**YOUR OBJECTIVE**
Whenever a line below includes the word "outdoors", copy that line.

═══ EXTRACTED INFORMATION

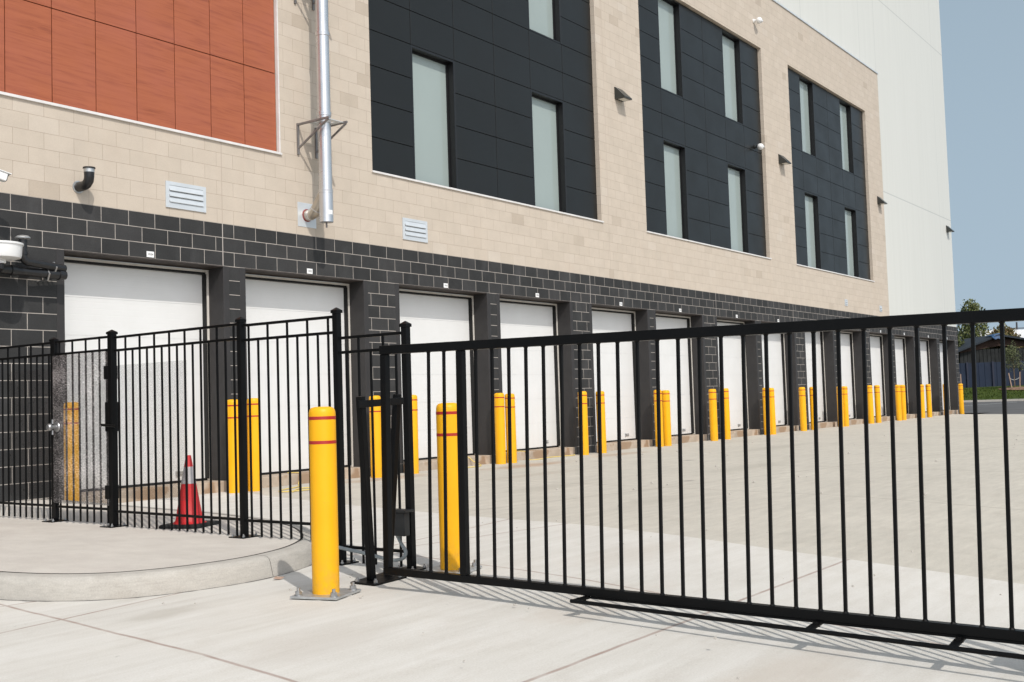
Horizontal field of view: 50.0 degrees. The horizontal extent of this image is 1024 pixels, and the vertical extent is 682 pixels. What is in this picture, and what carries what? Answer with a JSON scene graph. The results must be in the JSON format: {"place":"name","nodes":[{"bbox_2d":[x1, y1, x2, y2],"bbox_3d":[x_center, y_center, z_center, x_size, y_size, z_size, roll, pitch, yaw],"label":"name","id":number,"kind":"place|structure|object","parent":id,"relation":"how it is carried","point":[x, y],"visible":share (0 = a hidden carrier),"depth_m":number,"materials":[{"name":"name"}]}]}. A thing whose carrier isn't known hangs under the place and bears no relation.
{"place":"outdoors","nodes":[
{"label":"outdoors","id":0,"kind":"place"},
{"bbox_2d":[0,499,299,573],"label":"sidewalk","id":1,"kind":"structure","parent":0,"point":[33,545],"depth_m":8.31,"materials":[{"name":"concrete"}]},
{"bbox_2d":[0,337,68,522],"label":"metal fence","id":2,"kind":"object","parent":1,"relation":"on","point":[24,415],"visible":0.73,"depth_m":10.56,"materials":[{"name":"metal"}]},
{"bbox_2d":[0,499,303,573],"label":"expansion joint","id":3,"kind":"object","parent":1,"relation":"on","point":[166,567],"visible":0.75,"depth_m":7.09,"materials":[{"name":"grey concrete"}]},
{"bbox_2d":[158,455,218,528],"bbox_3d":[-2.773,1.284,9.425,0.373,0.606,0.373,-3,-3,16],"label":"traffic cone","id":4,"kind":"object","parent":1,"relation":"on","point":[190,503],"visible":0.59,"depth_m":9.35,"materials":[{"name":"red plastic"}]},
{"bbox_2d":[100,307,358,565],"bbox_3d":[-2.386,0.749,8.778,2.999,1.866,0.206,-4,-4,37],"label":"metal fence","id":5,"kind":"object","parent":1,"relation":"on","point":[116,511],"visible":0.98,"depth_m":8.74,"materials":[{"name":"metal"}]},
{"bbox_2d":[46,336,118,522],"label":"pedestrian gate","id":6,"kind":"structure","parent":5,"relation":"attached to","point":[56,427],"depth_m":9.97,"materials":[{"name":"black metal"}]},
{"bbox_2d":[0,492,1023,681],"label":"driveway","id":7,"kind":"structure","parent":0,"point":[267,630],"depth_m":5.66,"materials":[{"name":"concrete"}]},
{"bbox_2d":[63,402,78,500],"bbox_3d":[-5.219,1.371,13.030,0.188,1.290,0.188,-4,-4,36],"label":"yellow bollard","id":8,"kind":"object","parent":7,"relation":"on","point":[70,451],"visible":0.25,"depth_m":12.96,"materials":[{"name":"plastic"}]},
{"bbox_2d":[0,565,310,600],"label":"kerb dirt","id":9,"kind":"structure","parent":7,"relation":"on","point":[172,593],"depth_m":6.83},
{"bbox_2d":[0,499,311,600],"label":"island kerb","id":10,"kind":"structure","parent":7,"relation":"on","point":[96,586],"depth_m":6.81,"materials":[{"name":"concrete"}]},
{"bbox_2d":[227,399,238,492],"bbox_3d":[-3.803,1.444,15.004,0.188,1.290,0.188,-4,-4,36],"label":"yellow bollard","id":11,"kind":"object","parent":7,"relation":"on","point":[231,456],"visible":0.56,"depth_m":14.92,"materials":[{"name":"plastic"}]},
{"bbox_2d":[290,406,360,600],"bbox_3d":[-1.124,0.958,6.582,0.317,1.128,0.313,-3,-3,20],"label":"yellow bollard","id":12,"kind":"object","parent":7,"relation":"on","point":[324,506],"visible":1,"depth_m":6.52,"materials":[{"name":"plastic"}]},
{"bbox_2d":[350,394,406,585],"bbox_3d":[-0.855,0.945,7.123,0.247,1.197,0.483,-3,-3,25],"label":"gate catch","id":13,"kind":"object","parent":7,"relation":"on","point":[372,578],"visible":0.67,"depth_m":7.01,"materials":[{"name":"metal"}]},
{"bbox_2d":[340,321,425,569],"bbox_3d":[-0.933,0.726,7.699,0.720,1.701,0.170,-4,-4,36],"label":"metal fence","id":14,"kind":"object","parent":7,"relation":"on","point":[404,332],"visible":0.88,"depth_m":7.56,"materials":[{"name":"metal"}]},
{"bbox_2d":[339,508,413,561],"bbox_3d":[-0.990,1.343,7.634,0.748,0.361,0.090,-4,-4,36],"label":"junction box","id":15,"kind":"object","parent":14,"relation":"attached to","point":[402,524],"visible":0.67,"depth_m":7.45,"materials":[{"name":"grey metal"}]},
{"bbox_2d":[426,403,481,573],"bbox_3d":[-0.413,0.979,7.372,0.317,1.128,0.313,-3,-3,20],"label":"yellow bollard","id":16,"kind":"object","parent":7,"relation":"on","point":[452,500],"visible":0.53,"depth_m":7.31,"materials":[{"name":"plastic"}]},
{"bbox_2d":[0,0,959,502],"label":"storage building","id":17,"kind":"structure","parent":7,"relation":"on","point":[512,152],"depth_m":20.51,"materials":[{"name":"beige brick"}]},
{"bbox_2d":[0,169,11,181],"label":"security camera","id":18,"kind":"object","parent":17,"relation":"attached to","point":[4,175],"visible":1,"depth_m":12.36,"materials":[{"name":"white plastic"}]},
{"bbox_2d":[0,240,23,272],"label":"wall drum","id":19,"kind":"object","parent":17,"relation":"attached to","point":[10,250],"depth_m":12.29,"materials":[{"name":"white plastic"}]},
{"bbox_2d":[0,265,67,282],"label":"drain pipe","id":20,"kind":"object","parent":17,"relation":"attached to","point":[12,270],"visible":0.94,"depth_m":12.86,"materials":[{"name":"black plastic"}]},
{"bbox_2d":[15,235,66,271],"bbox_3d":[-5.602,-1.015,12.962,0.274,0.412,0.649,-3,-3,24],"label":"drain pipe","id":21,"kind":"object","parent":17,"relation":"attached to","point":[27,261],"visible":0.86,"depth_m":12.79,"materials":[{"name":"black plastic"}]},
{"bbox_2d":[72,166,95,192],"bbox_3d":[-5.268,-1.989,13.555,0.315,0.293,0.156,-4,-4,36],"label":"vent elbow","id":22,"kind":"object","parent":17,"relation":"attached to","point":[87,182],"visible":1,"depth_m":13.49,"materials":[{"name":"metal"}]},
{"bbox_2d":[56,249,230,502],"bbox_3d":[-4.896,0.622,14.462,0.467,3.401,2.640,-4,-4,36],"label":"overhead door","id":23,"kind":"structure","parent":17,"relation":"in","point":[101,295],"depth_m":14.82,"materials":[{"name":"white metal"}]},
{"bbox_2d":[147,251,153,257],"bbox_3d":[-4.756,-1.139,14.442,0.008,0.078,0.114,-4,-4,36],"label":"number sign","id":24,"kind":"object","parent":17,"relation":"attached to","point":[150,254],"visible":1,"depth_m":14.44,"materials":[{"name":"grey plastic"}]},
{"bbox_2d":[165,181,205,212],"bbox_3d":[-4.434,-1.963,14.951,0.034,0.355,0.660,-4,-4,36],"label":"wall vent","id":25,"kind":"object","parent":17,"relation":"attached to","point":[183,196],"depth_m":14.93,"materials":[{"name":"metal"}]},
{"bbox_2d":[240,268,370,487],"bbox_3d":[-3.237,0.696,16.757,0.467,3.401,2.640,-4,-4,36],"label":"overhead door","id":26,"kind":"structure","parent":17,"relation":"in","point":[264,298],"depth_m":16.98,"materials":[{"name":"white metal"}]},
{"bbox_2d":[307,268,312,273],"bbox_3d":[-3.085,-1.065,16.753,0.008,0.078,0.114,-4,-4,36],"label":"number sign","id":27,"kind":"object","parent":17,"relation":"attached to","point":[309,271],"visible":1,"depth_m":16.75,"materials":[{"name":"grey plastic"}]},
{"bbox_2d":[294,0,347,228],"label":"exhaust flue","id":28,"kind":"object","parent":17,"relation":"attached to","point":[321,207],"visible":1,"depth_m":16.56,"materials":[{"name":"silver metal"}]},
{"bbox_2d":[402,217,427,242],"bbox_3d":[-1.653,-1.897,18.802,0.034,0.370,0.640,-4,-4,36],"label":"wall vent","id":29,"kind":"object","parent":17,"relation":"attached to","point":[414,230],"depth_m":18.78,"materials":[{"name":"metal"}]},
{"bbox_2d":[410,44,457,188],"bbox_3d":[-1.458,-3.950,19.647,0.200,2.412,1.218,-4,-4,36],"label":"window","id":30,"kind":"structure","parent":17,"relation":"in","point":[433,112],"depth_m":19.81,"materials":[{"name":"glass"}]},
{"bbox_2d":[395,284,491,470],"bbox_3d":[-1.309,0.782,19.423,0.467,3.401,2.640,-4,-4,36],"label":"overhead door","id":31,"kind":"structure","parent":17,"relation":"in","point":[445,315],"depth_m":19.87,"materials":[{"name":"white metal"}]},
{"bbox_2d":[496,294,576,461],"bbox_3d":[0.350,0.855,21.718,0.467,3.401,2.640,-4,-4,36],"label":"overhead door","id":32,"kind":"structure","parent":17,"relation":"in","point":[527,317],"depth_m":22.24,"materials":[{"name":"white metal"}]},
{"bbox_2d":[527,0,561,43],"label":"window","id":33,"kind":"structure","parent":17,"relation":"in","point":[544,16],"depth_m":23.02,"materials":[{"name":"glass"}]},
{"bbox_2d":[530,89,566,212],"bbox_3d":[0.685,-3.855,22.612,0.200,2.412,1.218,-4,-4,36],"label":"window","id":34,"kind":"structure","parent":17,"relation":"in","point":[547,112],"depth_m":22.81,"materials":[{"name":"glass"}]},
{"bbox_2d":[589,303,653,451],"bbox_3d":[2.278,0.941,24.384,0.467,3.401,2.640,-4,-4,36],"label":"overhead door","id":35,"kind":"structure","parent":17,"relation":"in","point":[611,318],"depth_m":25.02,"materials":[{"name":"white metal"}]},
{"bbox_2d":[614,87,631,101],"bbox_3d":[2.505,-5.576,24.740,0.260,0.286,0.340,-4,-4,36],"label":"wall lamp","id":36,"kind":"object","parent":17,"relation":"attached to","point":[621,95],"visible":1,"depth_m":24.66,"materials":[{"name":"grey metal"}]},
{"bbox_2d":[657,0,683,98],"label":"window","id":37,"kind":"structure","parent":17,"relation":"in","point":[669,25],"depth_m":27.63,"materials":[{"name":"glass"}]},
{"bbox_2d":[663,138,688,239],"bbox_3d":[3.971,-3.709,27.157,0.200,2.412,1.218,-4,-4,36],"label":"window","id":38,"kind":"structure","parent":17,"relation":"in","point":[674,154],"depth_m":27.41,"materials":[{"name":"glass"}]},
{"bbox_2d":[653,310,708,443],"bbox_3d":[3.937,1.015,26.679,0.467,3.401,2.640,-4,-4,36],"label":"overhead door","id":39,"kind":"structure","parent":17,"relation":"in","point":[688,347],"depth_m":27.46,"materials":[{"name":"white metal"}]},
{"bbox_2d":[721,28,743,125],"bbox_3d":[6.000,-7.261,30.322,0.200,2.461,1.218,-4,-4,36],"label":"window","id":40,"kind":"structure","parent":17,"relation":"in","point":[731,55],"depth_m":30.61,"materials":[{"name":"glass"}]},
{"bbox_2d":[727,162,748,252],"bbox_3d":[6.115,-3.614,30.122,0.200,2.412,1.218,-4,-4,36],"label":"window","id":41,"kind":"structure","parent":17,"relation":"in","point":[737,192],"depth_m":30.41,"materials":[{"name":"glass"}]},
{"bbox_2d":[715,316,760,437],"bbox_3d":[5.865,1.100,29.345,0.467,3.401,2.640,-4,-4,36],"label":"overhead door","id":42,"kind":"structure","parent":17,"relation":"in","point":[732,363],"depth_m":30.11,"materials":[{"name":"white metal"}]},
{"bbox_2d":[753,17,762,23],"bbox_3d":[7.043,-9.150,31.390,0.258,0.184,0.243,-4,-4,36],"label":"security camera","id":43,"kind":"object","parent":17,"relation":"attached to","point":[758,20],"visible":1,"depth_m":31.30,"materials":[{"name":"white plastic"}]},
{"bbox_2d":[754,143,763,149],"bbox_3d":[7.035,-5.514,31.192,0.258,0.184,0.243,-4,-4,36],"label":"security camera","id":44,"kind":"object","parent":17,"relation":"attached to","point":[760,146],"visible":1,"depth_m":31.10,"materials":[{"name":"white plastic"}]},
{"bbox_2d":[759,321,799,432],"bbox_3d":[7.524,1.174,31.640,0.467,3.401,2.640,-4,-4,36],"label":"overhead door","id":45,"kind":"structure","parent":17,"relation":"in","point":[777,349],"depth_m":32.49,"materials":[{"name":"white metal"}]},
{"bbox_2d":[778,154,790,164],"bbox_3d":[8.056,-5.370,32.422,0.260,0.286,0.340,-4,-4,36],"label":"wall lamp","id":46,"kind":"object","parent":17,"relation":"attached to","point":[783,160],"visible":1,"depth_m":32.34,"materials":[{"name":"grey metal"}]},
{"bbox_2d":[799,75,815,157],"bbox_3d":[9.291,-7.115,34.875,0.200,2.461,1.218,-4,-4,36],"label":"window","id":47,"kind":"structure","parent":17,"relation":"in","point":[805,85],"depth_m":35.22,"materials":[{"name":"glass"}]},
{"bbox_2d":[804,190,821,268],"bbox_3d":[9.407,-3.468,34.674,0.200,2.412,1.218,-4,-4,36],"label":"window","id":48,"kind":"structure","parent":17,"relation":"in","point":[811,209],"depth_m":35.03,"materials":[{"name":"glass"}]},
{"bbox_2d":[803,331,837,428],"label":"overhead door","id":49,"kind":"structure","parent":17,"relation":"in","point":[825,349],"depth_m":35.21,"materials":[{"name":"white metal"}]},
{"bbox_2d":[839,98,853,174],"bbox_3d":[11.435,-7.020,37.840,0.200,2.461,1.218,-4,-4,36],"label":"window","id":50,"kind":"structure","parent":17,"relation":"in","point":[844,108],"depth_m":38.21,"materials":[{"name":"glass"}]},
{"bbox_2d":[844,205,858,276],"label":"window","id":51,"kind":"structure","parent":17,"relation":"in","point":[851,240],"depth_m":38.01,"materials":[{"name":"glass"}]},
{"bbox_2d":[840,330,863,424],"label":"overhead door","id":52,"kind":"structure","parent":17,"relation":"in","point":[851,365],"depth_m":37.53,"materials":[{"name":"white metal"}]},
{"bbox_2d":[877,196,886,204],"bbox_3d":[13.446,-5.110,39.874,0.260,0.286,0.340,-4,-4,36],"label":"wall lamp","id":53,"kind":"object","parent":17,"relation":"attached to","point":[880,201],"visible":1,"depth_m":39.78,"materials":[{"name":"grey metal"}]},
{"bbox_2d":[869,332,895,421],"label":"overhead door","id":54,"kind":"structure","parent":17,"relation":"in","point":[878,348],"depth_m":40.18,"materials":[{"name":"white metal"}]},
{"bbox_2d":[893,334,916,418],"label":"overhead door","id":55,"kind":"structure","parent":17,"relation":"in","point":[903,355],"depth_m":42.50,"materials":[{"name":"white metal"}]},
{"bbox_2d":[919,337,940,416],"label":"overhead door","id":56,"kind":"structure","parent":17,"relation":"in","point":[927,346],"depth_m":45.15,"materials":[{"name":"white metal"}]},
{"bbox_2d":[938,339,958,414],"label":"overhead door","id":57,"kind":"structure","parent":17,"relation":"in","point":[951,357],"depth_m":47.45,"materials":[{"name":"white metal"}]},
{"bbox_2d":[946,225,953,232],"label":"wall lamp","id":58,"kind":"object","parent":17,"relation":"attached to","point":[948,229],"visible":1,"depth_m":47.87,"materials":[{"name":"grey metal"}]},
{"bbox_2d":[379,308,1023,659],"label":"sliding gate","id":59,"kind":"structure","parent":7,"relation":"on","point":[960,633],"depth_m":5.44,"materials":[{"name":"black metal"}]},
{"bbox_2d":[162,435,1017,678],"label":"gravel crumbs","id":60,"kind":"object","parent":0,"point":[651,536],"visible":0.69,"depth_m":8.83,"materials":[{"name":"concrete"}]},
{"bbox_2d":[248,414,1023,583],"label":"yard","id":61,"kind":"structure","parent":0,"point":[993,503],"depth_m":12.91,"materials":[{"name":"concrete"}]},
{"bbox_2d":[247,398,259,490],"bbox_3d":[-3.585,1.439,15.266,0.188,1.290,0.188,-4,-4,36],"label":"yellow bollard","id":62,"kind":"object","parent":61,"relation":"on","point":[255,444],"visible":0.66,"depth_m":15.19,"materials":[{"name":"plastic"}]},
{"bbox_2d":[278,472,308,491],"bbox_3d":[-2.979,1.996,15.588,0.549,0.182,1.770,-1,-3,-7],"label":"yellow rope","id":63,"kind":"object","parent":61,"relation":"on","point":[303,488],"visible":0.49,"depth_m":15.20,"materials":[{"name":"yellow"}]},
{"bbox_2d":[369,396,381,477],"bbox_3d":[-2.145,1.506,17.296,0.188,1.290,0.188,-4,-4,36],"label":"yellow bollard","id":64,"kind":"object","parent":61,"relation":"on","point":[377,441],"visible":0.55,"depth_m":17.22,"materials":[{"name":"plastic"}]},
{"bbox_2d":[412,395,418,473],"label":"yellow bollard","id":65,"kind":"object","parent":61,"relation":"on","point":[415,431],"visible":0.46,"depth_m":17.92,"materials":[{"name":"plastic"}]},
{"bbox_2d":[494,393,505,463],"bbox_3d":[-0.217,1.589,19.950,0.188,1.290,0.188,-4,-4,36],"label":"yellow bollard","id":66,"kind":"object","parent":61,"relation":"on","point":[500,440],"visible":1,"depth_m":19.88,"materials":[{"name":"plastic"}]},
{"bbox_2d":[505,394,516,462],"bbox_3d":[-0.021,1.613,20.212,0.188,1.290,0.188,-4,-4,36],"label":"yellow bollard","id":67,"kind":"object","parent":61,"relation":"on","point":[514,445],"visible":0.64,"depth_m":20.15,"materials":[{"name":"plastic"}]},
{"bbox_2d":[517,451,574,459],"bbox_3d":[0.783,2.203,21.510,1.753,0.183,0.500,1,-4,-42],"label":"painted line","id":68,"kind":"object","parent":61,"relation":"on","point":[547,457],"visible":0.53,"depth_m":21.41,"materials":[{"name":"yellow paint"}]},
{"bbox_2d":[578,391,588,454],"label":"yellow bollard","id":69,"kind":"object","parent":61,"relation":"on","point":[585,426],"visible":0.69,"depth_m":22.15,"materials":[{"name":"plastic"}]},
{"bbox_2d":[596,391,606,452],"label":"yellow bollard","id":70,"kind":"object","parent":61,"relation":"on","point":[604,445],"visible":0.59,"depth_m":22.75,"materials":[{"name":"plastic"}]},
{"bbox_2d":[654,390,663,446],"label":"yellow bollard","id":71,"kind":"object","parent":61,"relation":"on","point":[655,416],"visible":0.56,"depth_m":24.80,"materials":[{"name":"plastic"}]},
{"bbox_2d":[662,390,671,445],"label":"yellow bollard","id":72,"kind":"object","parent":61,"relation":"on","point":[666,417],"visible":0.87,"depth_m":25.07,"materials":[{"name":"plastic"}]},
{"bbox_2d":[709,389,717,440],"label":"yellow bollard","id":73,"kind":"object","parent":61,"relation":"on","point":[713,416],"visible":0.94,"depth_m":27.02,"materials":[{"name":"plastic"}]},
{"bbox_2d":[724,388,730,439],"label":"yellow bollard","id":74,"kind":"object","parent":61,"relation":"on","point":[727,415],"visible":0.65,"depth_m":27.65,"materials":[{"name":"plastic"}]},
{"bbox_2d":[762,388,770,434],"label":"yellow bollard","id":75,"kind":"object","parent":61,"relation":"on","point":[764,408],"visible":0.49,"depth_m":29.75,"materials":[{"name":"plastic"}]},
{"bbox_2d":[769,388,775,434],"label":"yellow bollard","id":76,"kind":"object","parent":61,"relation":"on","point":[772,411],"visible":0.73,"depth_m":30.03,"materials":[{"name":"plastic"}]},
{"bbox_2d":[799,387,806,430],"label":"yellow bollard","id":77,"kind":"object","parent":61,"relation":"on","point":[802,407],"visible":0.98,"depth_m":31.89,"materials":[{"name":"plastic"}]},
{"bbox_2d":[809,387,813,429],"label":"yellow bollard","id":78,"kind":"object","parent":61,"relation":"on","point":[811,405],"visible":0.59,"depth_m":32.54,"materials":[{"name":"plastic"}]},
{"bbox_2d":[836,387,843,426],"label":"yellow bollard","id":79,"kind":"object","parent":61,"relation":"on","point":[842,404],"visible":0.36,"depth_m":34.49,"materials":[{"name":"plastic"}]},
{"bbox_2d":[842,386,848,425],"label":"yellow bollard","id":80,"kind":"object","parent":61,"relation":"on","point":[845,405],"visible":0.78,"depth_m":34.81,"materials":[{"name":"plastic"}]},
{"bbox_2d":[867,385,873,423],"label":"yellow bollard","id":81,"kind":"object","parent":61,"relation":"on","point":[870,406],"visible":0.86,"depth_m":36.88,"materials":[{"name":"plastic"}]},
{"bbox_2d":[874,385,881,422],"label":"yellow bollard","id":82,"kind":"object","parent":61,"relation":"on","point":[877,403],"visible":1,"depth_m":37.50,"materials":[{"name":"plastic"}]},
{"bbox_2d":[895,385,901,420],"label":"yellow bollard","id":83,"kind":"object","parent":61,"relation":"on","point":[898,402],"visible":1,"depth_m":39.37,"materials":[{"name":"plastic"}]},
{"bbox_2d":[900,385,906,419],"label":"yellow bollard","id":84,"kind":"object","parent":61,"relation":"on","point":[903,401],"visible":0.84,"depth_m":39.80,"materials":[{"name":"plastic"}]},
{"bbox_2d":[921,384,924,417],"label":"yellow bollard","id":85,"kind":"object","parent":61,"relation":"on","point":[922,403],"visible":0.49,"depth_m":41.80,"materials":[{"name":"plastic"}]},
{"bbox_2d":[925,384,931,416],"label":"yellow bollard","id":86,"kind":"object","parent":61,"relation":"on","point":[928,400],"visible":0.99,"depth_m":42.54,"materials":[{"name":"plastic"}]},
{"bbox_2d":[958,384,963,413],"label":"yellow bollard","id":87,"kind":"object","parent":61,"relation":"on","point":[961,398],"visible":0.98,"depth_m":46.54,"materials":[{"name":"plastic"}]},
{"bbox_2d":[963,385,1023,399],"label":"lawn","id":88,"kind":"structure","parent":0,"point":[997,388],"depth_m":85.77,"materials":[{"name":"green plant"}]},
{"bbox_2d":[957,334,964,362],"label":"leafy tree","id":89,"kind":"object","parent":88,"relation":"on","point":[960,342],"visible":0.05,"depth_m":100.38,"materials":[{"name":"green plant"}]},
{"bbox_2d":[957,299,991,338],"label":"leafy tree","id":90,"kind":"object","parent":88,"relation":"on","point":[983,327],"visible":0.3,"depth_m":109.52,"materials":[{"name":"green plant"}]},
{"bbox_2d":[958,333,1023,362],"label":"old shed","id":91,"kind":"structure","parent":88,"relation":"on","point":[983,354],"depth_m":98.01,"materials":[{"name":"grey wood"}]},
{"bbox_2d":[959,360,1023,387],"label":"blue fence","id":92,"kind":"object","parent":88,"relation":"on","point":[988,374],"visible":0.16,"depth_m":91.92,"materials":[{"name":"metal"}]},
{"bbox_2d":[985,324,1023,348],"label":"autumn tree","id":93,"kind":"object","parent":88,"relation":"on","point":[1009,331],"visible":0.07,"depth_m":105.53,"materials":[{"name":"green plant"}]},
{"bbox_2d":[1000,387,1023,389],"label":"mulch bed","id":94,"kind":"object","parent":88,"relation":"on","point":[1016,388],"visible":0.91,"depth_m":87.18,"materials":[{"name":"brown wood"}]},
{"bbox_2d":[1005,341,1023,386],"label":"staked sapling","id":95,"kind":"object","parent":88,"relation":"on","point":[1012,356],"visible":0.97,"depth_m":87.97,"materials":[{"name":"green plant"}]},
{"bbox_2d":[964,401,1023,413],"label":"road","id":96,"kind":"structure","parent":0,"point":[1015,407],"depth_m":57.91,"materials":[{"name":"concrete"}]},
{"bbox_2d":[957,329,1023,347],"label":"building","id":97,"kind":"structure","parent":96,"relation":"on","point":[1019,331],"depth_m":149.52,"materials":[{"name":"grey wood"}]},
{"bbox_2d":[964,399,1023,401],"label":"road kerb","id":98,"kind":"structure","parent":96,"relation":"on","point":[996,400],"depth_m":80.50,"materials":[{"name":"concrete"}]}
]}

══════

**EXERCISE OUTPUT**
{"place":"outdoors","nodes":[
{"label":"outdoors","id":0,"kind":"place"},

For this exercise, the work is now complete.